By the time Armey and Hoffman appeared in Syracuse, rumors were already swirling and, within a few hours, the buzz was confirmed when Hoffman unexpectedly picked up the endorsement of former Alaska Gov. Sarah Palin, the Republican Party’s 2008 vice-presidential candidate. That day, the Hoffman campaign raised $116,000 in online contributions.
Things were happening so fast that plans for a sit-down interview with Hoffman on Friday were canceled between the time I left Watertown and the time I arrived in Saranac Lake. An aide phoned to explain that producers for the Neal Cavuto show had just called and the candidate was on his way to Albany for a 4:30 p.m. appearance via satellite on the Fox News Channel program.
Still, I kept driving until I reached 111 River Street. There is a story behind the building that now serves as Hoffman HQ. It was in the summer of 1964 at this location, then a Mobil station, that Doug Hoffman took a job pumping gas. His father had abandoned the family when Doug was 10 and, as the second-oldest of four children, his income was needed to help his mother pay the bills.
Such is the symbolic meaning of the headquarters site, while the meaning of the campaign to elect Hoffman — now a successful executive for a major accounting firm — has now become apparent to everyone who pays attention to politics.
The Nov. 3 election to replace longtime Rep. John McHugh, a Republican appointed by President Obama to be Secretary of the Army, has especially drawn the attention of conservatives in recent weeks. That’s mainly because the New York GOP leadership picked liberal state assemblywoman Dede Scozzafava as their candidate, sparking a struggle that pits the Republican establishment against grassroots activists — “a fight for the heart and soul of the Republican Party,” as Hoffman calls it.
Given his hardscrabble upbringing, Hoffman’s sympathies are clearly with the conservative grassroots. He was able to get a college education only because his excellent academic record in high school inspired local businessmen to establish a scholarship fund to assist him. Joining the National Guard also helped, and he served a total of six years in Guard and Army Reserves before finishing his enlistment as a staff sergeant. Shortly thereafter, already married with two young children, Hoffman completed his MBA at the University of Connecticut and returned home. At age 27, he became controller — that is to say, the chief accountant — for the 1980 Lake Placid Olympic Organizing Committee, responsible for a multimillion dollar budget.
Memories of that Winter Olympiad, particularly the U.S. hockey team’s gold-medal upset of the heavily favored Soviet squad, is something of a touchstone for the Hoffman campaign. Speaking Thursday to supporters in Waterstown, the candidate echoed ABC sportscaster Al Michaels’ famous words — “Do you believe in miracles?” — when he said, “We’re going to create a miracle on Nov. 3… That miracle starts today.”
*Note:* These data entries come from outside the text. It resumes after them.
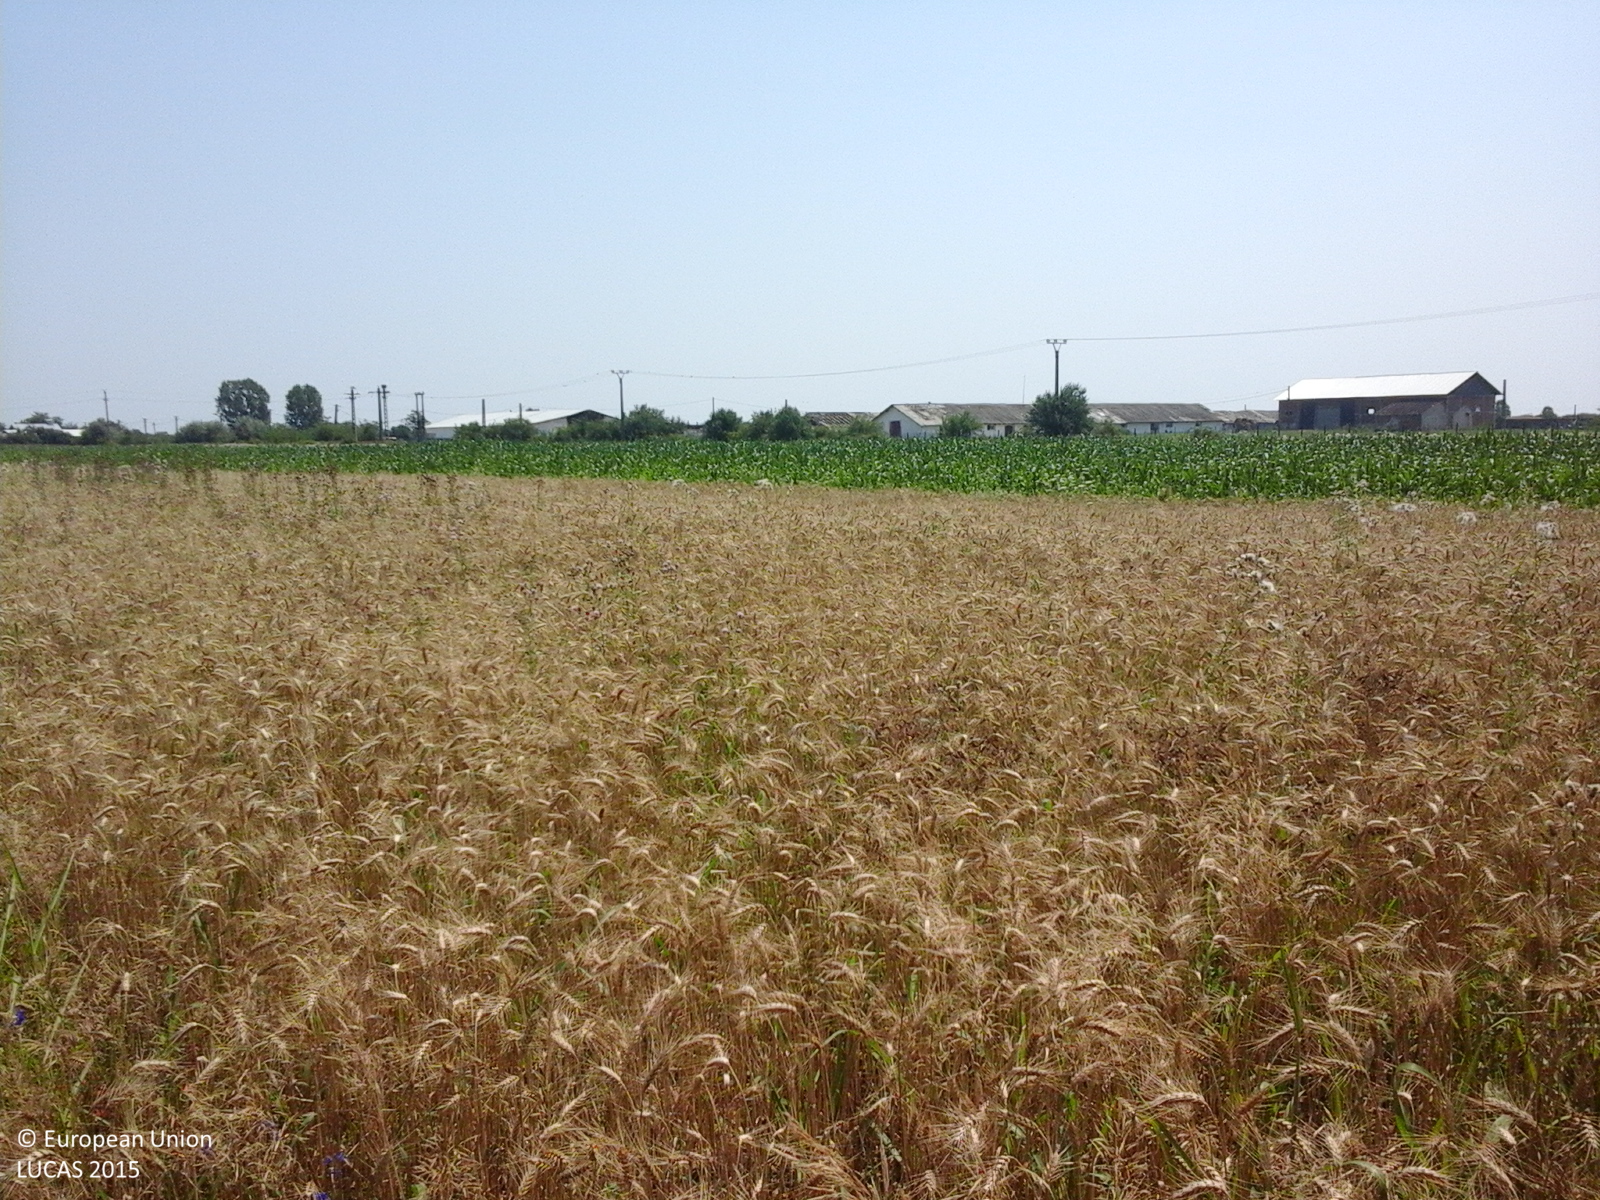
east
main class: Cropland
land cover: Common wheat
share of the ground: > 75 %
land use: Agriculture (excluding fallow land and kitchen gardens)
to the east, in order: Common wheat; Maize; Common wheat; Grassland without tree/shrub cover; Electric lines; Abandoned hedges; Ditches and canals; Grass margins; Paved roads, cycling and walking lanes; Grass margins; Artificial constructions in urban areas
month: July
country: RO
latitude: 44.7783
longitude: 25.7061
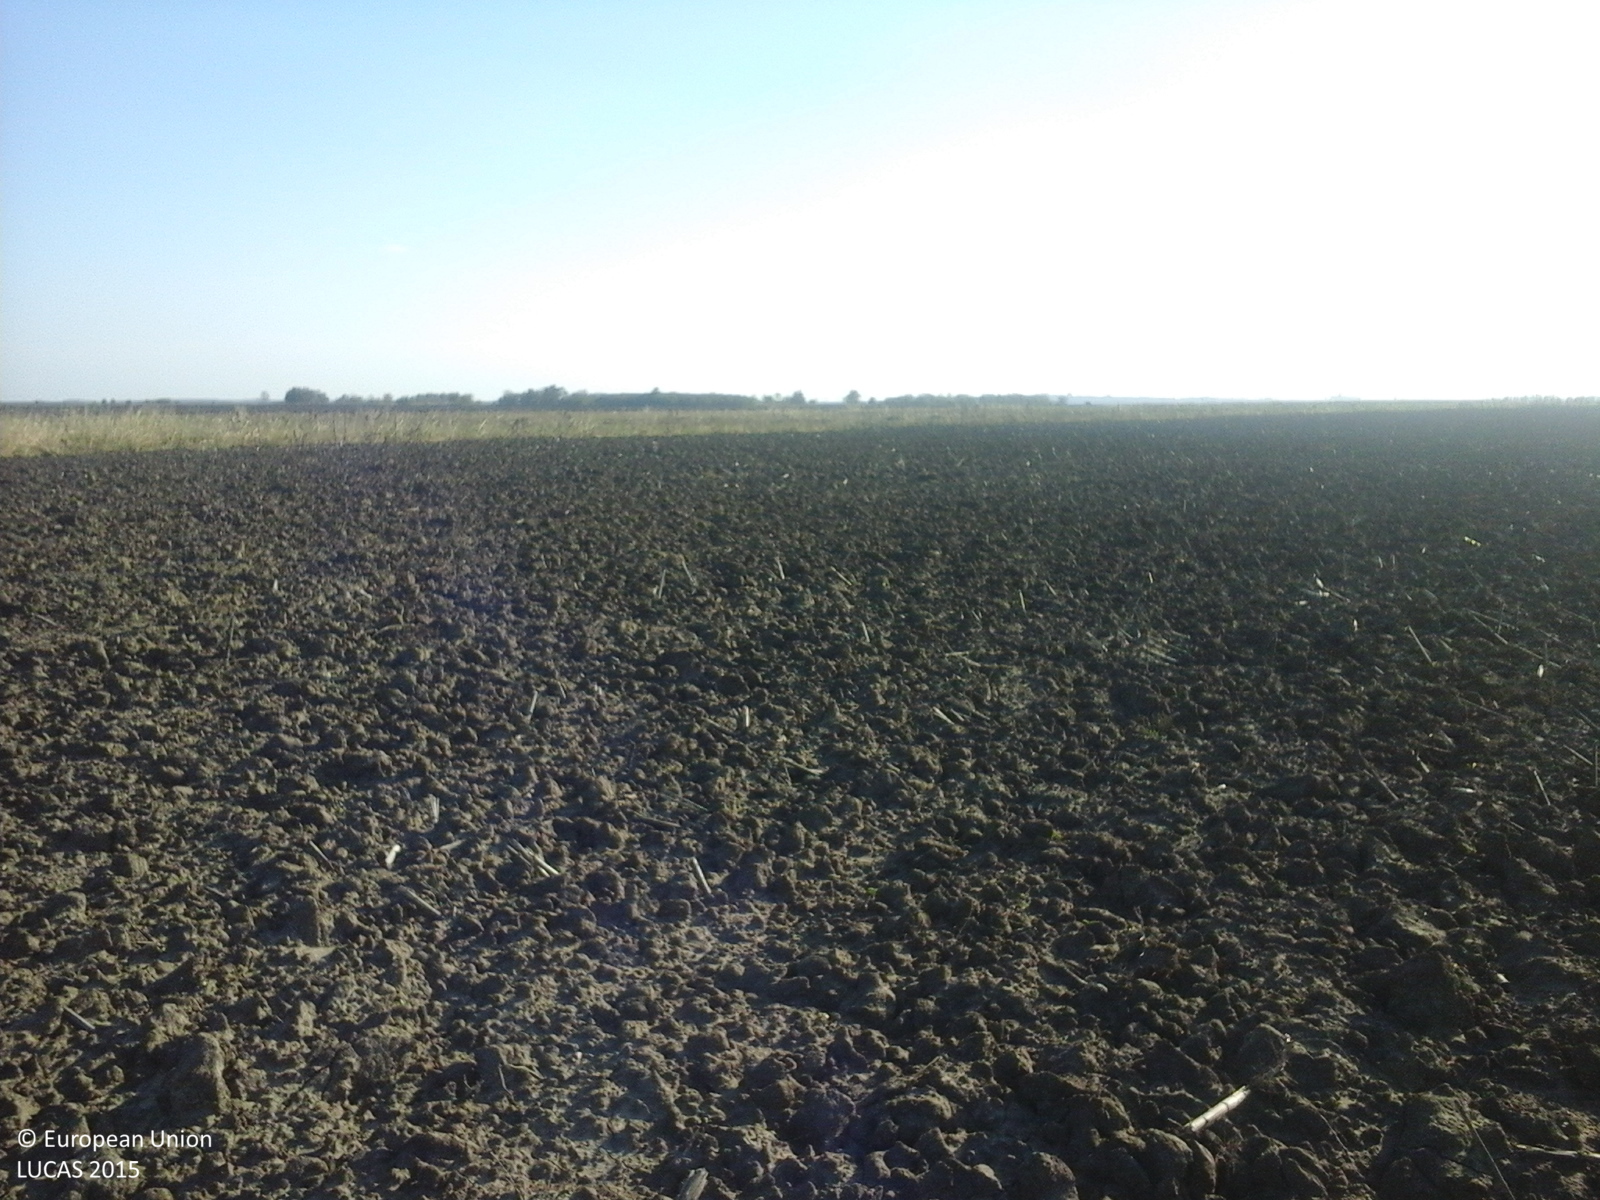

The surprise endorsement by Palin? The stupendous outpouring of online donations? A nice start, by any measure, but with Election Day now barely a week away, Team Hoffman knows they’ll need hard work to defeat both the GOP candidate Scozzafava and the Democrat, Bill Owens.
More than anything, one source with the Hoffman campaign said, they’re concerned about the army of election operatives that labor unions and the ACORN-connected Working Families Party — which has ties to both Scozzafava and Owens — will bring into action in the final week of the campaign. To counter that threat, the source said, they’re sending out a nationwide call for grassroots volunteers to come to the 23rd District and provide “boots on the ground” for Hoffman.
In his Post column, Hoffman declared himself one of those “mad as hell” ordinary citizens who have protested at Tea Party rallies and town-hall meetings, and concluded by saying that this election in upstate New York is far more important than mere partisan politics: “This is a fight for our children’s future. It’s a fight for America.”